Brynn glanced down at the notebook full of hastily scribbled ideas. “At the beginning, of course. Your first memory of Ian.”
“Um...let me think. That’s a tough one.”
“Two margaritas shouldn’t lead to this level of impairment, Taylor.”
“Bite me. I just can’t remember a time when he wasn’t in my life. I’ve known him since I was born. My mom and his mom went to high school together.”
“So when you say you’ve known him all your life, you’re not exaggerating.”
“That’s about it.”
Well, this might be a bit more difficult than anticipated. How could she help Taylor pinpoint the magic, when the magic had been with her every day?
“So were you in love with him all your life?”
“No.”
A simple answer, but there was just enough of a twist to the way Taylor drew the word out, almost dubiously, that made Brynn’s ears perk up.
“Elaborate.”
“Well, when we were kids, he was kind of on the outskirts of my circle. We saw each other when our folks got together, but there were two elementary schools, so we weren’t part of each other’s day-to-day lives.”
“You wouldn’t have been anyway, right? Isn’t he a couple of years older than you?”
“Right. He’s Greg’s age. And since you know how much girls like to hang out with their older brothers when they’re growing up...”
Brynn snorted. “Tell me about it. Sam couldn’t decide if he was supposed to protect me or sacrifice me to the hockey gods, so he usually did both.”
“How did he do that?”
She shrugged. “Put me in goal, shot pucks at me, then swooped in with an ice pack when I got hit.”
“Oh, that must have made for a secure childhood.”

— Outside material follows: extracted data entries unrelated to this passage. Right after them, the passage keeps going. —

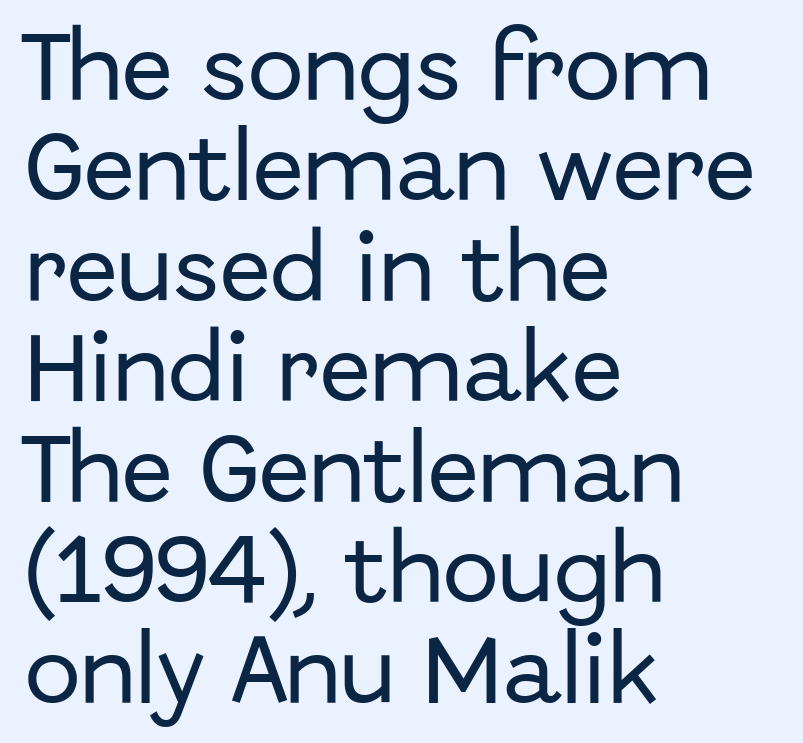
Q: Is the text italic (slanted)? A: No, it is upright.
Q: Is the typeface a serif or a sans-serif typeface? A: Sans-serif.
Q: Is the text underlined? A: No.
Q: How is the paragraph aligned? A: Left-aligned.
Q: Is the spacing between letters normal or unusually wide? A: Normal.
Q: Is the spacing between lines tight, normal or loose? A: Normal.
Q: Width (condensed, normal, or wide)? A: Normal.
Q: Stroke contrast? A: Low.
Q: x-height? A: Medium.
Q: Monospaced? A: No.
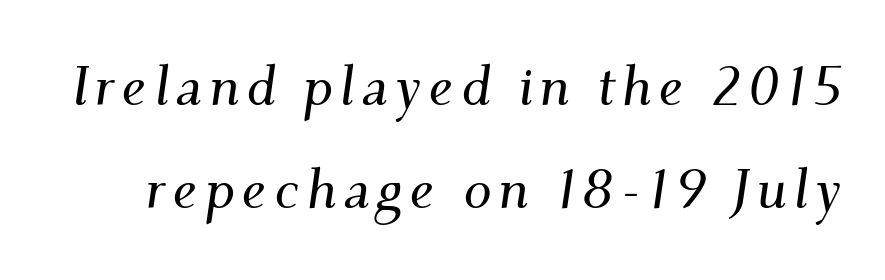
{"serif": "yes", "italic": "yes", "lean": "right", "slant_degrees": 9, "width": "normal", "stroke_contrast": "medium", "x_height": "small", "monospaced": "no", "underline": "no", "line_spacing_ratio": 1.84, "glyph_px": 56}
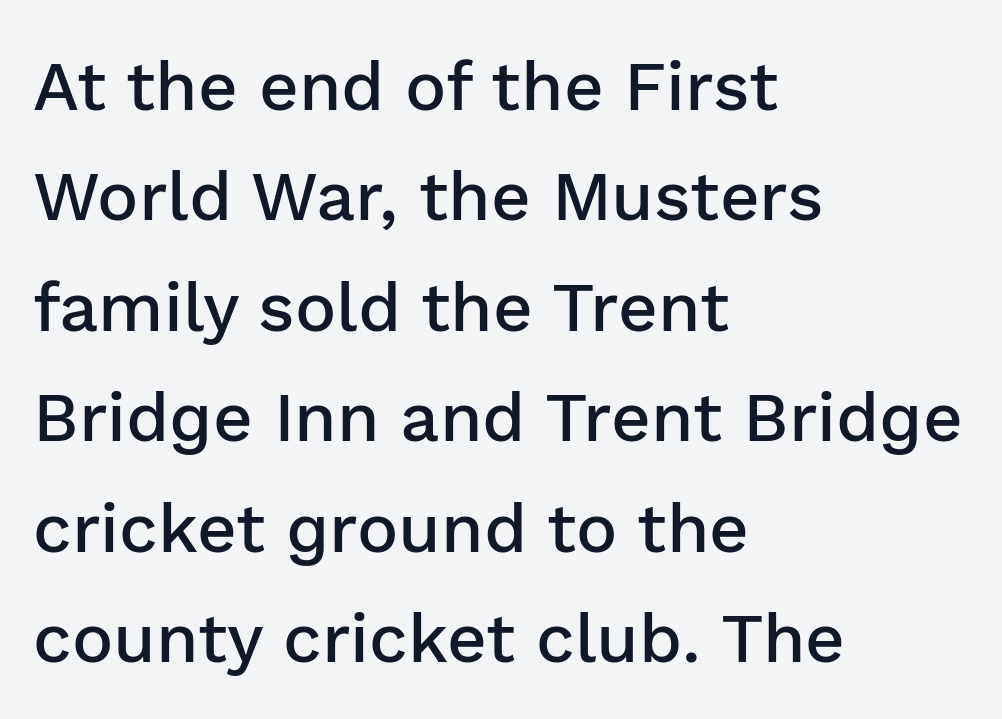
The gap between lines stays unmarked. The passage shown is typed in a proportional face where columns would drift. Alignment: flush left. Summary of weight: moderately heavy, a semibold. Quick note: interline space is typical.
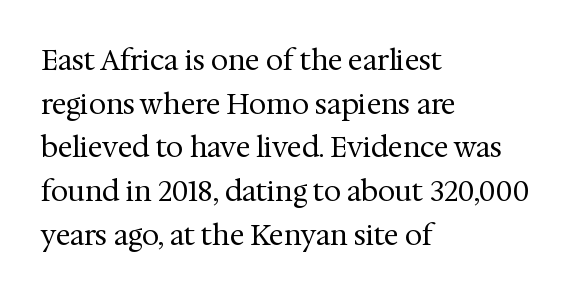
Unbolded letterforms with no extra heft. Bare-footed words on every line. The letters advance in unequal steps, a hallmark of proportional type. The letterforms sit shoulder to shoulder at normal distance. In CSS terms this would be text-align: left.

“It had its moments.” At least, until it fell apart. But they weren’t supposed to be talking about her. “Okay. So when did you know that things had shifted with Ian?”
“Um...oh, hell. Promise you won’t laugh?”
“I swear.”
“Well...I was seventeen. It was his first year of university, and I hadn’t seen him since the summer, maybe earlier. He walked into church and he looked so...different. It was like he’d been... You know how, in the movies, the king will pull out his sword and tap the dude on the shoulders and say, ‘I dub thee Sir Fancy Pants,’ and they stand up and you could swear the guy’s standing a little taller? It was like that.”
Brynn had to swallow the lump in her throat. “That’s beautiful, Taylor.”
“Yeah, it was a pretty amazing moment.” Her laugh was short. “But, Brynn, I was seventeen. And it turns out that I wasn’t the only one who had been glad to see him come home. His old high school girlfriend had finally slept with him just the night before. So all I was seeing was afterglow.”
“Must you try to kill any hint of romance that ever existed in the world?”
“Well, no. Because like I said, I was a kid. It was all very romantic and magical, and I fell like that.” She snapped her fingers. “The thing is, I don’t think I was falling for Ian the person. I was falling for the whole idea of love and romance. He was just the rack that I hung my dreams on. Not like—”
Taylor bit her lip and Brynn knew what she was going to say: not like with Carter.
“It wasn’t like that with him, was it?”
Taylor shook her head. “But we’re not supposed to be talking about him.”
Brynn sat on the bed, a small corner of her brain noting how utterly sinkable the mattress was beneath her. She couldn’t wait to curl up beneath that fluffy comforter and indulge in an hour of reading when this day was over. “You’re right. Talking about Carter won’t be helpful.” She drew in a deep breath and hoped she wasn’t shooting herself in the foot. “But it might be good for me to know what draws you to him. So for the next ten minutes, you can tell me all about him. Anything. How it happened, how you knew things had shifted, the whole works. We’re going to lay it all on the table so we can deal with it. And then we’re going to stop talking about stupid men and finish off those margaritas and laugh for a while, okay?”
“Sounds like a plan.”
“Okay. Ten minutes. Go.”
“I won’t need that long.”
This was interesting. Taylor had always needed at least three sentences to say what Brynn could say in one.
“Go on.”
Taylor pulled a pillow onto her lap and hugged it close. “Ian is a wonderful, wonderful guy. Honestly, if anyone were to put him and Carter together and rate them on their amazingness, Ian would probably win, hands down. He’s more classically attractive, he’s great with kids, he’s more outgoing and charismatic. He’s got this air about him that makes people just, you know, like him.”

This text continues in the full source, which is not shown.